+++ INFORMATION SHOWN +++
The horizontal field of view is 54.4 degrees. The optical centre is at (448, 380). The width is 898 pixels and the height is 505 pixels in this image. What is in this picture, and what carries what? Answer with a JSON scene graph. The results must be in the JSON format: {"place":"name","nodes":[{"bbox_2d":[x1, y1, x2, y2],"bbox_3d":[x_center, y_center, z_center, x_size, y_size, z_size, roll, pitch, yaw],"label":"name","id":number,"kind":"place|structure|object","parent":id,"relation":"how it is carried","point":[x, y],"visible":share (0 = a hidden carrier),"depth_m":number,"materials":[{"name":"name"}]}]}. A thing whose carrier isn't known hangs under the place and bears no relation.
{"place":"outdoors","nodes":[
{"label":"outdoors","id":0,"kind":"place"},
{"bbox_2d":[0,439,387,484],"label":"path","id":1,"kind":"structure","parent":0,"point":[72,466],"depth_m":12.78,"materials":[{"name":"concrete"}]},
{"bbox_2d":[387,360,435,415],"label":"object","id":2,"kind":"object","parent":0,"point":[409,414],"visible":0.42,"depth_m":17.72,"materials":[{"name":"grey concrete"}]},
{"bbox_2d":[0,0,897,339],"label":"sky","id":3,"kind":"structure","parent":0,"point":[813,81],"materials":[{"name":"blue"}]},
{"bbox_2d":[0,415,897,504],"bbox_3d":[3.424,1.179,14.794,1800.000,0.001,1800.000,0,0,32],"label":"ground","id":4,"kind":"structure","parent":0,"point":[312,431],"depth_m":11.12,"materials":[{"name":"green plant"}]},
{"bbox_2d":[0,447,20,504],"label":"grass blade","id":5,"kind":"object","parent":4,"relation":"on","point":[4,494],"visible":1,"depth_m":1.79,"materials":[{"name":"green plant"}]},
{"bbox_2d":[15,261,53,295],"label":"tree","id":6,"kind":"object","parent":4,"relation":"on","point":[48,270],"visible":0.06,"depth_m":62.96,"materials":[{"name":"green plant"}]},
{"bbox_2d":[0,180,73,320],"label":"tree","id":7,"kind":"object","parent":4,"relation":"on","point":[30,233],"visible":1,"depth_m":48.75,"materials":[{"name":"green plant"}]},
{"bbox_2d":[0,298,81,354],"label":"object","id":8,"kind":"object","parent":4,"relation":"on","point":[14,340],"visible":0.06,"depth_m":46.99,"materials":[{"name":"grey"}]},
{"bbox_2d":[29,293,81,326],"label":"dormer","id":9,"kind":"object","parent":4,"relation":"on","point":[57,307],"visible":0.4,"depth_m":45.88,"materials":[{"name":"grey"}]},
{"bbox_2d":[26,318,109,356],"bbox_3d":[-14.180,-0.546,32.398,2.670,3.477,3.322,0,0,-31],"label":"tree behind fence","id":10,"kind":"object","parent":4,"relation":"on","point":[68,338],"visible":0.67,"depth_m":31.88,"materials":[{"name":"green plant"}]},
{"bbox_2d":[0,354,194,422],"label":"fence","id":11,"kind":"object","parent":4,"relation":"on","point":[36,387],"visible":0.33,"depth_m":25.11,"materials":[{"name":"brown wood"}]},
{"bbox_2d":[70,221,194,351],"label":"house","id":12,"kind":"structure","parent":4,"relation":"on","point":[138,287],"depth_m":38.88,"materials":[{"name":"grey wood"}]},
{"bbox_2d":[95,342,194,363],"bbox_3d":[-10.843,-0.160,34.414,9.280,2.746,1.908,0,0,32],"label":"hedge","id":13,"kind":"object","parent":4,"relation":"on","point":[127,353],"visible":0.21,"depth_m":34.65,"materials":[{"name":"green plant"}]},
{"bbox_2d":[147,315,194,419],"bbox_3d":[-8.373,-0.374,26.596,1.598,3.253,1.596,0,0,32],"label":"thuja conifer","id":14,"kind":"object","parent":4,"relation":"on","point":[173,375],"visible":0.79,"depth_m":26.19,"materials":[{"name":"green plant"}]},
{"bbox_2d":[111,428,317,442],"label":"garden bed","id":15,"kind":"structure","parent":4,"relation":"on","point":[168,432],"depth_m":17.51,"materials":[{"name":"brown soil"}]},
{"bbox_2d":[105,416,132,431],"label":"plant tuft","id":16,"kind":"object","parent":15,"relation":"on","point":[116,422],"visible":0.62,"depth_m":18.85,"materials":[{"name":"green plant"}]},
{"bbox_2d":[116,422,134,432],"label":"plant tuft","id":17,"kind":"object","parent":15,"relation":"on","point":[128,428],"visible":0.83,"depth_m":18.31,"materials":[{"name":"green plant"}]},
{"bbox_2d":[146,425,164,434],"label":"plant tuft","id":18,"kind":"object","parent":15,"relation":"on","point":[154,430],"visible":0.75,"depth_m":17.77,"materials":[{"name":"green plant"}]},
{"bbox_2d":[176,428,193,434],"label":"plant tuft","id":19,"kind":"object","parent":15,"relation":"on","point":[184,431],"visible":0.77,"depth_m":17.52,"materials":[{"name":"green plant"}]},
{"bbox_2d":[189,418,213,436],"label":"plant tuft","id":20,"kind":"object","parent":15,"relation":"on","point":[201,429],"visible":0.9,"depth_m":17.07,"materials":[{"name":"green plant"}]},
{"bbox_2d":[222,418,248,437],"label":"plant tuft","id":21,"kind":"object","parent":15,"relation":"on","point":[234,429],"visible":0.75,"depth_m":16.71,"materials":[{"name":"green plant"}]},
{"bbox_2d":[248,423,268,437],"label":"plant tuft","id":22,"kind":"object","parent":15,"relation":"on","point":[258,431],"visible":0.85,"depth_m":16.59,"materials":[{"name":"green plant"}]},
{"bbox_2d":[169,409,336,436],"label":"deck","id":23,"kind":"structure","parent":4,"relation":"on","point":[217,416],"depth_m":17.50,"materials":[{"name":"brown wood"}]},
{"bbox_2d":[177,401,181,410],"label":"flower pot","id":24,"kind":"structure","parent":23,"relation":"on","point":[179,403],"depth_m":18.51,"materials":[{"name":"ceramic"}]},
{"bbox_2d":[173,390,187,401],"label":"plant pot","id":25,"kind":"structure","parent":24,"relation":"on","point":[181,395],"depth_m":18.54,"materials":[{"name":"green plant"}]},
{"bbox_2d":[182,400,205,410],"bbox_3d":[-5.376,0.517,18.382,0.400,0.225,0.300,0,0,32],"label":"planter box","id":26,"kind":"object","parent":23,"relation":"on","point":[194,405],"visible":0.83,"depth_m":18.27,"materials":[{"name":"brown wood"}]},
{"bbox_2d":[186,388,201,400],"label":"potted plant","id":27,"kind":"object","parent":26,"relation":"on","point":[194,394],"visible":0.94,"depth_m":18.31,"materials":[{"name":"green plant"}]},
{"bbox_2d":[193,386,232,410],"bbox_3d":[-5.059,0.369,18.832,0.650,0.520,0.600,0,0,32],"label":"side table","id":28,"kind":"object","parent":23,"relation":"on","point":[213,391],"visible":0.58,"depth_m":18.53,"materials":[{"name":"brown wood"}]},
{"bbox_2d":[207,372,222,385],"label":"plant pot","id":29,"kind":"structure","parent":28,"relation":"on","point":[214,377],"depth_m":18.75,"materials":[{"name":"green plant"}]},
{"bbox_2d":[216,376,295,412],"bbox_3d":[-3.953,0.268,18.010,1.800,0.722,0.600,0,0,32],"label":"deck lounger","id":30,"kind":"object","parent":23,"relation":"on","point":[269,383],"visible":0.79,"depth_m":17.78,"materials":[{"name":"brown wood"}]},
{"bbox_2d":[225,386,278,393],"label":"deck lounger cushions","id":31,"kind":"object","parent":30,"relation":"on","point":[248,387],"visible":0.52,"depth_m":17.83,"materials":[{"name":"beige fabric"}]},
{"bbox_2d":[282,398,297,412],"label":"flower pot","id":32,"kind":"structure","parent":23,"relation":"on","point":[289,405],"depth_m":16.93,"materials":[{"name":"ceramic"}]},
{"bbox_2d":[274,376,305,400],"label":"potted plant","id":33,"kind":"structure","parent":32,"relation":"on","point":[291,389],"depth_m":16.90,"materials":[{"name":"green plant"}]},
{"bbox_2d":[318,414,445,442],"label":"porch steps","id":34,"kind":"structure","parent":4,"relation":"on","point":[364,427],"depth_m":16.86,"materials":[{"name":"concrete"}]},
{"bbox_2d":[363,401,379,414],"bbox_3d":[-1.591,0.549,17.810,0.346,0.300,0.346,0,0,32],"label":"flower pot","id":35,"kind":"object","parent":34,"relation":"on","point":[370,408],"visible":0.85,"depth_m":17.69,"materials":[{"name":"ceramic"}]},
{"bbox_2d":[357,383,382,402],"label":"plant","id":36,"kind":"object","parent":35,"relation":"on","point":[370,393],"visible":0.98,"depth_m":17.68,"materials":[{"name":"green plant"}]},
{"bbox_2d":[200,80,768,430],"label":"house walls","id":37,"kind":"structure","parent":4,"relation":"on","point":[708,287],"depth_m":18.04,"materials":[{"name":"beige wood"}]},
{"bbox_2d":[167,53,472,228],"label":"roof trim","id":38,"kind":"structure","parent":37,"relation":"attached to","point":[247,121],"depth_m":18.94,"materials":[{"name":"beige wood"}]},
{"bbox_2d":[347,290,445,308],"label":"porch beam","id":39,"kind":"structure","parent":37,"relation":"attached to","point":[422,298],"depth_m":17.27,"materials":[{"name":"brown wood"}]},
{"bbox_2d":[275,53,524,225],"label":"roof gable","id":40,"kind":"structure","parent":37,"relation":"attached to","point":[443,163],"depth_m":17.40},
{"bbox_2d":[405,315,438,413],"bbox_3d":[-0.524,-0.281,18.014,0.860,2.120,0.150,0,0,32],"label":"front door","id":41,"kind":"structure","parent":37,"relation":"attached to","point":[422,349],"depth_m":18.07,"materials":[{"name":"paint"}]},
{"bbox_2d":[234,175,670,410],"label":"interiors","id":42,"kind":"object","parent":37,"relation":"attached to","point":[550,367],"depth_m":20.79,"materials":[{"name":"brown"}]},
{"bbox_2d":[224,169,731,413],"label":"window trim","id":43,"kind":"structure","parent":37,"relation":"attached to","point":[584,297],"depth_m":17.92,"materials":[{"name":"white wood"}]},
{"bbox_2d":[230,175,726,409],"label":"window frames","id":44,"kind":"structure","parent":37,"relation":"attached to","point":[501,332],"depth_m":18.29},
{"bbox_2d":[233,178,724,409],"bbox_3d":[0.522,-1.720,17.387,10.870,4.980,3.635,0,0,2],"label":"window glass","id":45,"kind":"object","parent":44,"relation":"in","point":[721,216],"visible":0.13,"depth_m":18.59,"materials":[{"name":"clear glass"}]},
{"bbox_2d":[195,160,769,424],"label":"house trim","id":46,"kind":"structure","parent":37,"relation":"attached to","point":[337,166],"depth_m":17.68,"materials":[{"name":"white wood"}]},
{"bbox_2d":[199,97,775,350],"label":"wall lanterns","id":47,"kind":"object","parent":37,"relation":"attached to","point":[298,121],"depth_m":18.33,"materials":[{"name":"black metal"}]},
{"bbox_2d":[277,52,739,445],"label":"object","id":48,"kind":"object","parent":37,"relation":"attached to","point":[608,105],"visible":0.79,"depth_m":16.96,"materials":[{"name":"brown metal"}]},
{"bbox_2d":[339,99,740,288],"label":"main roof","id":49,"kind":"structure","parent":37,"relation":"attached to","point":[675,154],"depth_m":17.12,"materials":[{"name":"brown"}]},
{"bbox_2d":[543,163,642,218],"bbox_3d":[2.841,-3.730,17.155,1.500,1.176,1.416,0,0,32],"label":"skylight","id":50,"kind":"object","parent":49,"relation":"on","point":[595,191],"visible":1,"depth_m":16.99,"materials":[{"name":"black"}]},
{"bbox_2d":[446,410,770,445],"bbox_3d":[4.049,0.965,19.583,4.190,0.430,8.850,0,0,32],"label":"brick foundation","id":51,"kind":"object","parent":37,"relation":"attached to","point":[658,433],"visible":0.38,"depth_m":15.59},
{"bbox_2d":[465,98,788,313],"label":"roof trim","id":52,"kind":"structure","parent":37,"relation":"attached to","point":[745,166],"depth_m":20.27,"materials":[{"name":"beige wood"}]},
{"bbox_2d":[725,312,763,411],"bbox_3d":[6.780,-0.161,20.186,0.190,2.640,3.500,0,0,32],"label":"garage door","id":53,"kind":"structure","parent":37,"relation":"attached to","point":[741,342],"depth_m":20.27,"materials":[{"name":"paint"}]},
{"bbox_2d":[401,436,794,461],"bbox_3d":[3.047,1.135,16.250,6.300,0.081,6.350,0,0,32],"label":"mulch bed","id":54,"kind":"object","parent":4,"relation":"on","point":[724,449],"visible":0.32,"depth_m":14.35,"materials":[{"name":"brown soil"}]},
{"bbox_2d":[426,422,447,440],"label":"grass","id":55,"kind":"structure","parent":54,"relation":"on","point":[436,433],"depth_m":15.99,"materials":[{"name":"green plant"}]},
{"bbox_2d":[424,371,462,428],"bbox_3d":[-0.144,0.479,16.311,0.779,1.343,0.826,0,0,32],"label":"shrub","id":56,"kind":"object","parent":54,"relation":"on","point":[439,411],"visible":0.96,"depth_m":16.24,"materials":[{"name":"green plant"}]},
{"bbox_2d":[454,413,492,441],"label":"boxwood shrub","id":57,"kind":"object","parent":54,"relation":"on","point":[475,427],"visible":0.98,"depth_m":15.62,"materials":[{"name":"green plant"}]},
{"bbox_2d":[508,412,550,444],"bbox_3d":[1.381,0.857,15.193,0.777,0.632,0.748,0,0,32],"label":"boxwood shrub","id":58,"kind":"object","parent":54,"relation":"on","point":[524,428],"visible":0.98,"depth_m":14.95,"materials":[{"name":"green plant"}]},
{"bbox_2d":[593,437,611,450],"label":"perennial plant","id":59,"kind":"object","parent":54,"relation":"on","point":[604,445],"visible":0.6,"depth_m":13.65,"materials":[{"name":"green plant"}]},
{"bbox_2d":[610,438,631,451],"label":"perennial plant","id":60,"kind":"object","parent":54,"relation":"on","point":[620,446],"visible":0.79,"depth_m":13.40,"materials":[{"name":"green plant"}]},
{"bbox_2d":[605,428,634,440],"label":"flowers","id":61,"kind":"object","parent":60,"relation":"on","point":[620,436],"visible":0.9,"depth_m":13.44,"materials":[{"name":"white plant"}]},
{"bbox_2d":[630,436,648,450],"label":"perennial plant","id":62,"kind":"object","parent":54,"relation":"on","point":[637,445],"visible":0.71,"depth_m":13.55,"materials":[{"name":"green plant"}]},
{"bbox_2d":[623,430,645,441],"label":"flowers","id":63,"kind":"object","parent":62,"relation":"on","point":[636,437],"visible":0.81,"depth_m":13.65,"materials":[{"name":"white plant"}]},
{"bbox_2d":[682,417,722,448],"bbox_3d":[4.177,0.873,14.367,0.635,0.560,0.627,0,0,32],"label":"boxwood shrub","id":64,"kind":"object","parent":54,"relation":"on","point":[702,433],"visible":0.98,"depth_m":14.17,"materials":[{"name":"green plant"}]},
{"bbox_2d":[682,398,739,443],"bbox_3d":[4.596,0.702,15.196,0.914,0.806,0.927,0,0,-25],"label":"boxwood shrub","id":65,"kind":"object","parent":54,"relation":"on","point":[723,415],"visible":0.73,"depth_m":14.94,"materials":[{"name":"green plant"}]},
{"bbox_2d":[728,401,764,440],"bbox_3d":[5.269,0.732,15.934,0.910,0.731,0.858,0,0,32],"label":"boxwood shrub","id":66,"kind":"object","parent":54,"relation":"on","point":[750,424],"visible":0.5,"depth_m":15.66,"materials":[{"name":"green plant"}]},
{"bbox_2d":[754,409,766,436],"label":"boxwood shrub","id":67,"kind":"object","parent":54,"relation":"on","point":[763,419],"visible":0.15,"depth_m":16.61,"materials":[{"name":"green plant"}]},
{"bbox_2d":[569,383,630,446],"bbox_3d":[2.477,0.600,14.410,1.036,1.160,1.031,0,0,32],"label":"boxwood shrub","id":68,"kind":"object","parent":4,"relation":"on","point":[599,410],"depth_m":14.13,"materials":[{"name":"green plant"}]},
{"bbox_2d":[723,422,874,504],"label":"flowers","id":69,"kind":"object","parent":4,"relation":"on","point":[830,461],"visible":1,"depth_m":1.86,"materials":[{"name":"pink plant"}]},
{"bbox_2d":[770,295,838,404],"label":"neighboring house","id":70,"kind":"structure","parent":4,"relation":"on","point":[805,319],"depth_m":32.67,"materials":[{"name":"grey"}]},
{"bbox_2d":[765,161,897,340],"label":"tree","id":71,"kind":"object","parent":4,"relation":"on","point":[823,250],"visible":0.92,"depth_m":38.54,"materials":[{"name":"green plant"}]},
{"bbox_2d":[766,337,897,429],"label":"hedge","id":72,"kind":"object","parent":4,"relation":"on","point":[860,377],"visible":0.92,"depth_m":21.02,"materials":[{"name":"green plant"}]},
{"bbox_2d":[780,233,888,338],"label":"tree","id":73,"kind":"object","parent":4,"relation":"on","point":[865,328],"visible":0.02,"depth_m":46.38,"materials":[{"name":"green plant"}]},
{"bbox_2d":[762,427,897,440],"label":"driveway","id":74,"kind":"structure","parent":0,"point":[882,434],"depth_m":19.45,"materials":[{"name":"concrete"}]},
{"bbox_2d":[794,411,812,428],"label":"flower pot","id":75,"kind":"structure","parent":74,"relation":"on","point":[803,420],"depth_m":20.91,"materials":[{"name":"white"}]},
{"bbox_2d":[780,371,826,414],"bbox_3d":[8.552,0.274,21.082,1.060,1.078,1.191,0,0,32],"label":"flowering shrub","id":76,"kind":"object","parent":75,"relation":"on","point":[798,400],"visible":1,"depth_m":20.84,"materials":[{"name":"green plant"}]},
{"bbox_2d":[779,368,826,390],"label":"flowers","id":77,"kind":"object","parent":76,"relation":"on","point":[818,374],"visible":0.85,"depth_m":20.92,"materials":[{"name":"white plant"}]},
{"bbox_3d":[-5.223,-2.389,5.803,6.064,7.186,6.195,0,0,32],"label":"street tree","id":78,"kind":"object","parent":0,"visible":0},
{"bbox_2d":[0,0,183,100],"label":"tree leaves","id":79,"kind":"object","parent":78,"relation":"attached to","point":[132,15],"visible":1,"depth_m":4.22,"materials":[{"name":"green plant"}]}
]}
+++
§ YOUR OBJECTIVE
Select the lines from the entries that include the word "outdoors".

§ SOLUTION FOR THIS PROBLEM
{"place":"outdoors","nodes":[
{"label":"outdoors","id":0,"kind":"place"},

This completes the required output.